If hand landmarks are detected, we extract the coordinates and draw the landmarks on the frame:

if result.multi_hand_landmarks:
    landmarks = []
    for handslms in result.multi_hand_landmarks:
        for lm in handslms.landmark:
            lmx = int(lm.x * 640)
            lmy = int(lm.y * 480)
            landmarks.append([lmx, lmy])

        mpDraw.draw_landmarks(frame, handslms, mpHands.HAND_CONNECTIONS)
    fore_finger = (landmarks[8][0], landmarks[8][1])
    center = fore_finger
    thumb = (landmarks[4][0], landmarks[4][1])
    cv2.circle(frame, center, 3, (0, 255, 0), -1)
    if (thumb[1] - center[1] < 30):
        bpoints.append(deque(maxlen=512))
        blue_index += 1
        gpoints.append(deque(maxlen=512))
        green_index += 1
        rpoints.append(deque(maxlen=512))
        red_index += 1
        ypoints.append(deque(maxlen=512))
        yellow_index += 1
    elif center[1] <= 65:
        if 40 <= center[0] <= 140: # Clear Button
            bpoints = [deque(maxlen=512)]
            gpoints = [deque(maxlen=512)]
            rpoints = [deque(maxlen=512)]
            ypoints = [deque(maxlen=512)]
            blue_index = 0
            green_index = 0
            red_index = 0
            yellow_index = 0
            paintWindow[67:,:,:] = 255
        elif 160 <= center[0] <= 255:
            colorIndex = 0 # Blue
        elif 275 <= center[0] <= 370:
            colorIndex = 1 # Green
        elif 390 <= center[0] <= 485:
            colorIndex = 2 # Red
        elif 505 <= center[0] <= 600:
            colorIndex = 3 # Yellow
    else:
        if colorIndex == 0:
            bpoints[blue_index].appendleft(center)
        elif colorIndex == 1:
            gpoints[green_index].appendleft(center)
        elif colorIndex == 2:
            rpoints[red_index].appendleft(center)
        elif colorIndex == 3:
            ypoints[yellow_index].appendleft(center)
else:
    bpoints.append(deque(maxlen=512))
    blue_index += 1
    gpoints.append(deque(maxlen=512))
    green_index += 1
    rpoints.append(deque(maxlen=512))
    red_index += 1

Conclusion

We have successfully built an air canvas application using OpenCV, MediaPipe, and basic machine learning techniques.
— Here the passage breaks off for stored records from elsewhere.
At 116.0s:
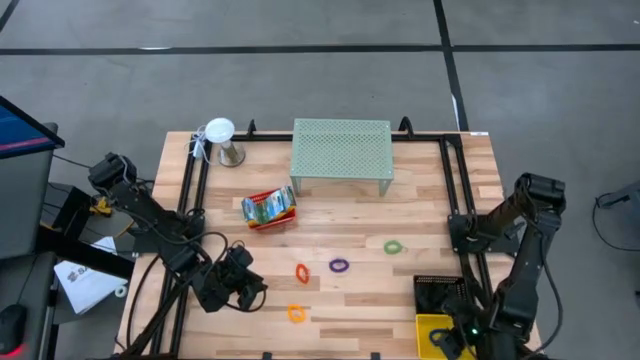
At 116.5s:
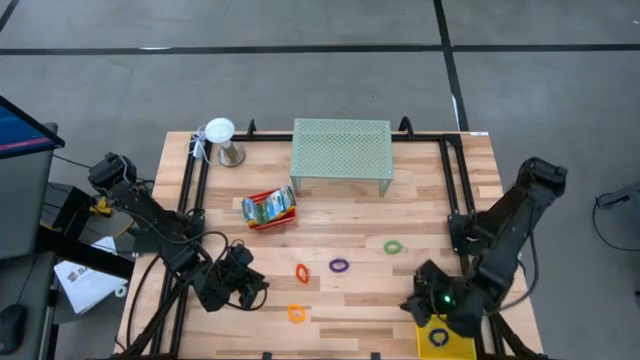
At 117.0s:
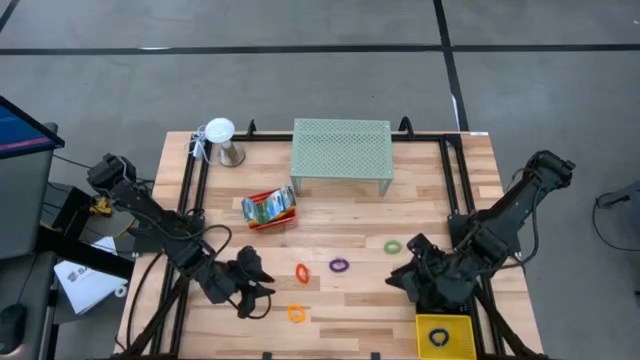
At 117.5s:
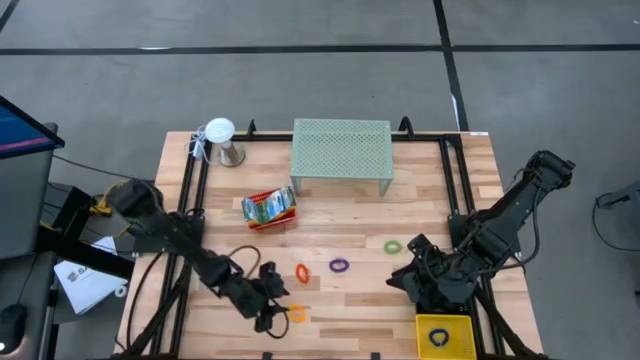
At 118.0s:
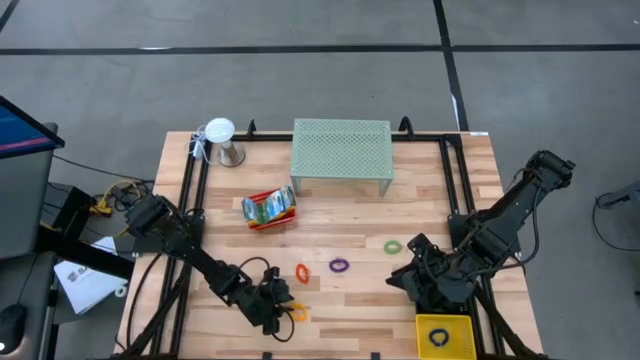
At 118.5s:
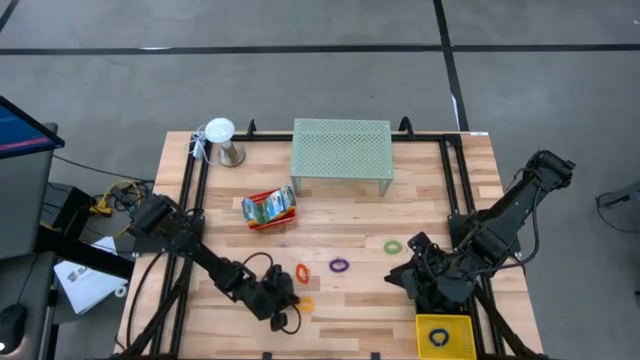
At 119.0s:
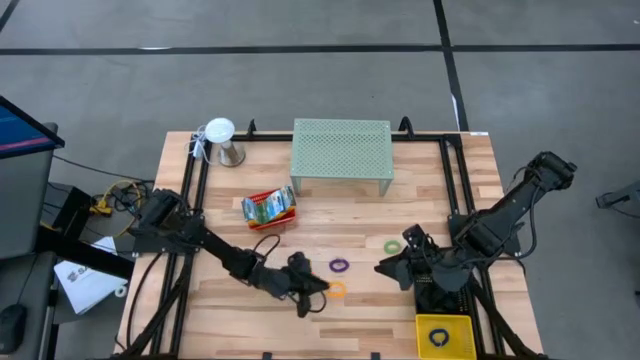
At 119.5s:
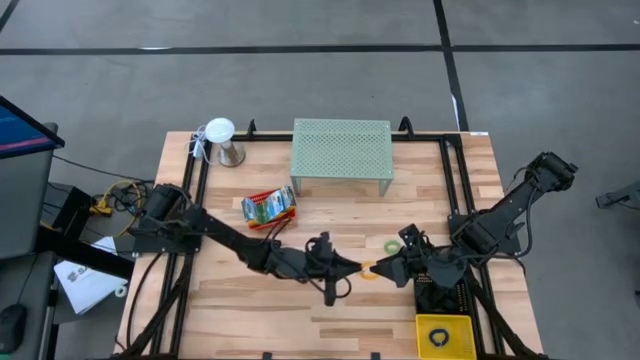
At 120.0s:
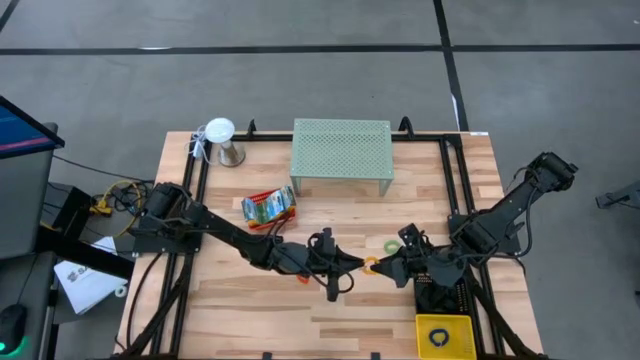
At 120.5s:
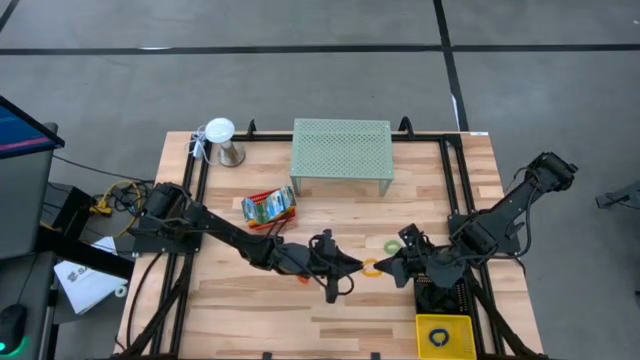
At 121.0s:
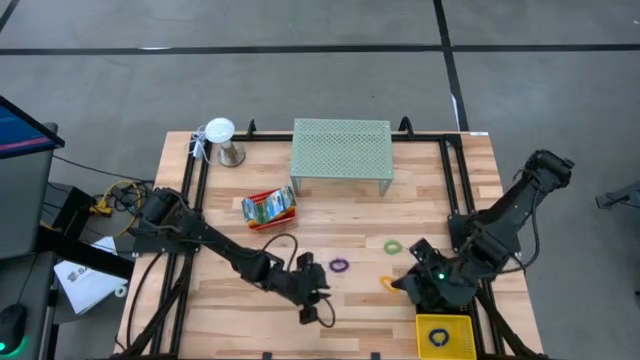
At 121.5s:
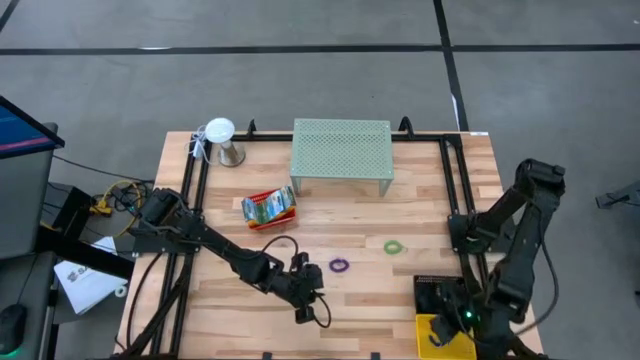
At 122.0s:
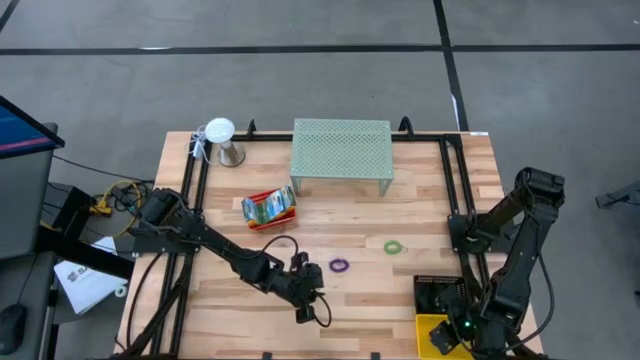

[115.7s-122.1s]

This project demonstrates the power of computer vision and hand tracking in creating interactive and immersive experiences. By leveraging these tools, users can draw in the air with simple hand gestures, opening up possibilities for innovative applications in art, education, and beyond.